● Required work:
Copy exactly and only the lines running from the one that contains "Magnetic field strength: 3 T" to the final line of the data below, without the pictures.
(Beginning of Material provided)
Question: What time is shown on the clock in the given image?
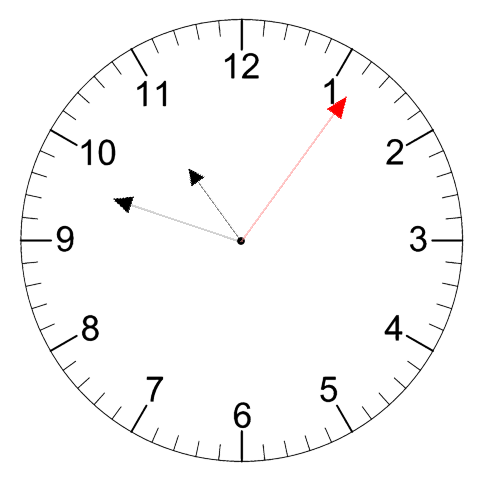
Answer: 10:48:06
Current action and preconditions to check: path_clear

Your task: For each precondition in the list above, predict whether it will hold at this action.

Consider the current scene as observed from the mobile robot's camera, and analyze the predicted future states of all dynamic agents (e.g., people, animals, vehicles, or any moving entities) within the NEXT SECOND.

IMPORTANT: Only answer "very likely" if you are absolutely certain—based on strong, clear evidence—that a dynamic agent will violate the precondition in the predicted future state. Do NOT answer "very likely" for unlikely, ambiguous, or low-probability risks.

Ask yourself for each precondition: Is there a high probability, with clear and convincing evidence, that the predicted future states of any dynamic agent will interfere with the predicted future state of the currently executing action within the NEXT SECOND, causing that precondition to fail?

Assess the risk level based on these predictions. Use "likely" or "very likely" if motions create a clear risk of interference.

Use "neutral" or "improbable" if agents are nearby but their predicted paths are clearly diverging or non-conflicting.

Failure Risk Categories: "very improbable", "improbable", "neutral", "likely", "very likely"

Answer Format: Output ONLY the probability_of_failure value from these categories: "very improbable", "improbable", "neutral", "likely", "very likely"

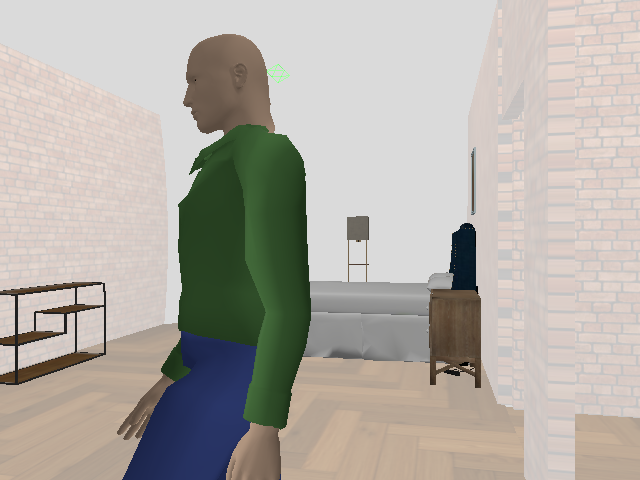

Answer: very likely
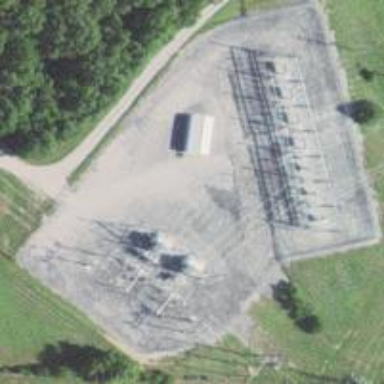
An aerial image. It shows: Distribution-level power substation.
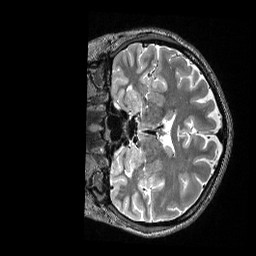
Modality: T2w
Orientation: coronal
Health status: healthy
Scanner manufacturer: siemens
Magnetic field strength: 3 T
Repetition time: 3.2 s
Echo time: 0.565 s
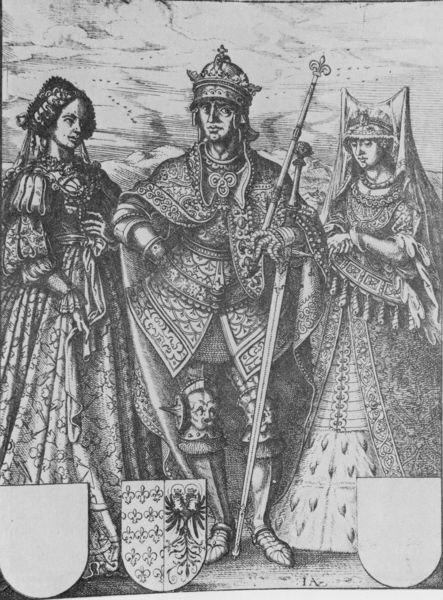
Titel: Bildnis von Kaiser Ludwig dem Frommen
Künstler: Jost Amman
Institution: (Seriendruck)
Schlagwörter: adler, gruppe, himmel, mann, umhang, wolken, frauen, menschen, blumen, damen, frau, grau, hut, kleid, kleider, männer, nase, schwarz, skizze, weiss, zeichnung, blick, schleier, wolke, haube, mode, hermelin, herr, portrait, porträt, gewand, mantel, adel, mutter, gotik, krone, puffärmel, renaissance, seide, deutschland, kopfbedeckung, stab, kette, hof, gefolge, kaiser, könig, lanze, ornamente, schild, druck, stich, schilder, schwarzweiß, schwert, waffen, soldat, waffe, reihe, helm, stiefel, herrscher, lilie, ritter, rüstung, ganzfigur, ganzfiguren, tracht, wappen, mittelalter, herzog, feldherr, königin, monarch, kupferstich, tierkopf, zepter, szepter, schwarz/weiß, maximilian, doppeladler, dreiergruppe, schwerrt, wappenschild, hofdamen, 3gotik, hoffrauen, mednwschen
(End of Material provided)
● Solution to this problem:
Magnetic field strength: 3 T
Repetition time: 3.2 s
Echo time: 0.565 s
Titel: Bildnis von Kaiser Ludwig dem Frommen
Künstler: Jost Amman
Institution: (Seriendruck)
Schlagwörter: adler, gruppe, himmel, mann, umhang, wolken, frauen, menschen, blumen, damen, frau, grau, hut, kleid, kleider, männer, nase, schwarz, skizze, weiss, zeichnung, blick, schleier, wolke, haube, mode, hermelin, herr, portrait, porträt, gewand, mantel, adel, mutter, gotik, krone, puffärmel, renaissance, seide, deutschland, kopfbedeckung, stab, kette, hof, gefolge, kaiser, könig, lanze, ornamente, schild, druck, stich, schilder, schwarzweiß, schwert, waffen, soldat, waffe, reihe, helm, stiefel, herrscher, lilie, ritter, rüstung, ganzfigur, ganzfiguren, tracht, wappen, mittelalter, herzog, feldherr, königin, monarch, kupferstich, tierkopf, zepter, szepter, schwarz/weiß, maximilian, doppeladler, dreiergruppe, schwerrt, wappenschild, hofdamen, 3gotik, hoffrauen, mednwschen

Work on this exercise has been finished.